Yongning Formation (Cyh): outcropped in the north of Fuzhou.
Nanfen Formation (Jxn): This area is widely distributed, mainly composed of shale, marl and fine-grained timely sandstone, with a thickness of 690 ~ 13 12m. It is the surrounding rock of Kimberlite No.30, No.34, No.83, 1 10.
1 section (Jxn 1): gray-green, yellow-green shale mixed with purple shale and thin layer of fine-grained timely sandstone.

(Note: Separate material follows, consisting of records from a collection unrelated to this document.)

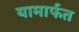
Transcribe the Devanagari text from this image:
यामार्फत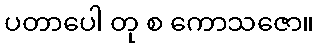
ပတာပေါ တု စ ကောသဇော။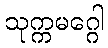
သုက္ကမဂ္ဂေါ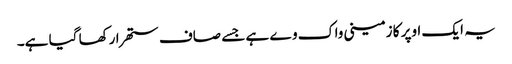
یہ ایک اوپر کا زمینی واک وے ہے جسے صاف ستھرا رکھا گیا ہے۔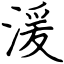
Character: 湲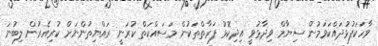
ވާހަކަފުޅުދައްކަވަމުން ސިޔާމް ވިދާޅުވީ އިދިކޮޅު ފަރާތްތަކުން މަސައްކަތް ކުރަނީ ރައްޔިތުންނަށް ކުރިއެރުން ލިބުނަ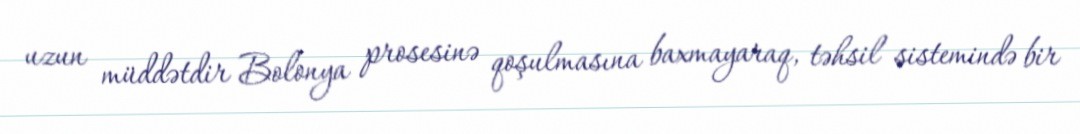
uzun müddətdir Bolonya prosesinə qoşulmasına baxmayaraq, təhsil sistemində bir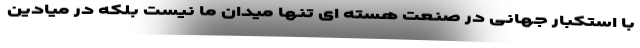
با استکبار جهانی در صنعت هسته ای تنها میدان ما نیست بلکه در میادین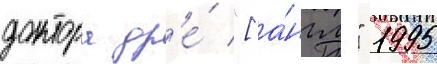
доктора др'е́ "[а́нгл." 1995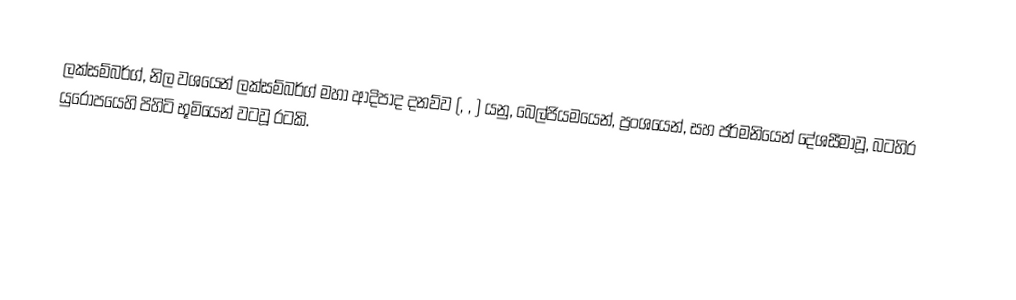
ලක්සම්බර්ග්, නිල වශයෙන් ලක්සම්බර්ග් මහා ආදිපාද දනව්ව (, , ) යනු, බෙල්ජියමයෙන්, ප්‍රංශයෙන්, සහ ජර්මනියෙන් දේශසීමාවූ,  බටහිර යුරෝපයෙහි පිහිටි භූමියෙන් වටවූ රටකි.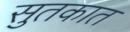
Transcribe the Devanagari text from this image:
सुतकात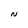
Character: N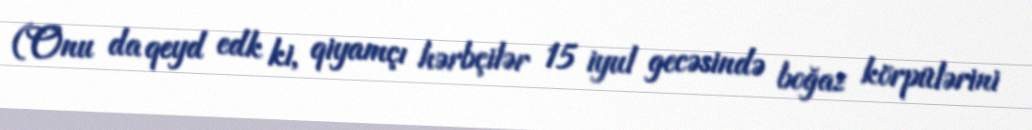
(Onu da qeyd edk ki, qiyamçı hərbçilər 15 iyul gecəsində boğaz körpülərini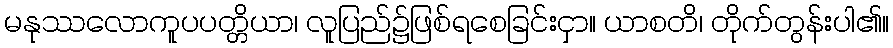
မနုဿလောကူပပတ္တိယာ၊ လူပြည်၌ဖြစ်ရစေခြင်းငှာ။ ယာစတိ၊ တိုက်တွန်းပါ၏။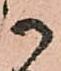
御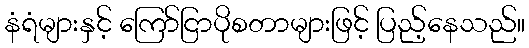
နံရံများနှင့် ကြော်ငြာပိုစတာများဖြင့် ပြည့်နေသည်။

The second section (Jxn2): light blue thin layer-medium thick marl and purple shale.
Member 3 (Jxn3): grayish yellow thin-medium thick fine sandstone mixed with thin shale.
Sinian: including Qiaotou Formation, Changling Formation, Nanguanling Formation, Ganjingzi Formation, Yingchengzi Formation and Shilitai Formation.
Qiaotou Formation (Qnq): It is widely distributed in this area, and its main lithology is grayish white medium-thick layer of timely sandstone, quartzite mixed with thin layer of timely sandstone and shale (including glauconite), with a thickness of174 ~ 609m. It is the surrounding rock of kimberlite pipelines 50, 5 1, 68 and 74.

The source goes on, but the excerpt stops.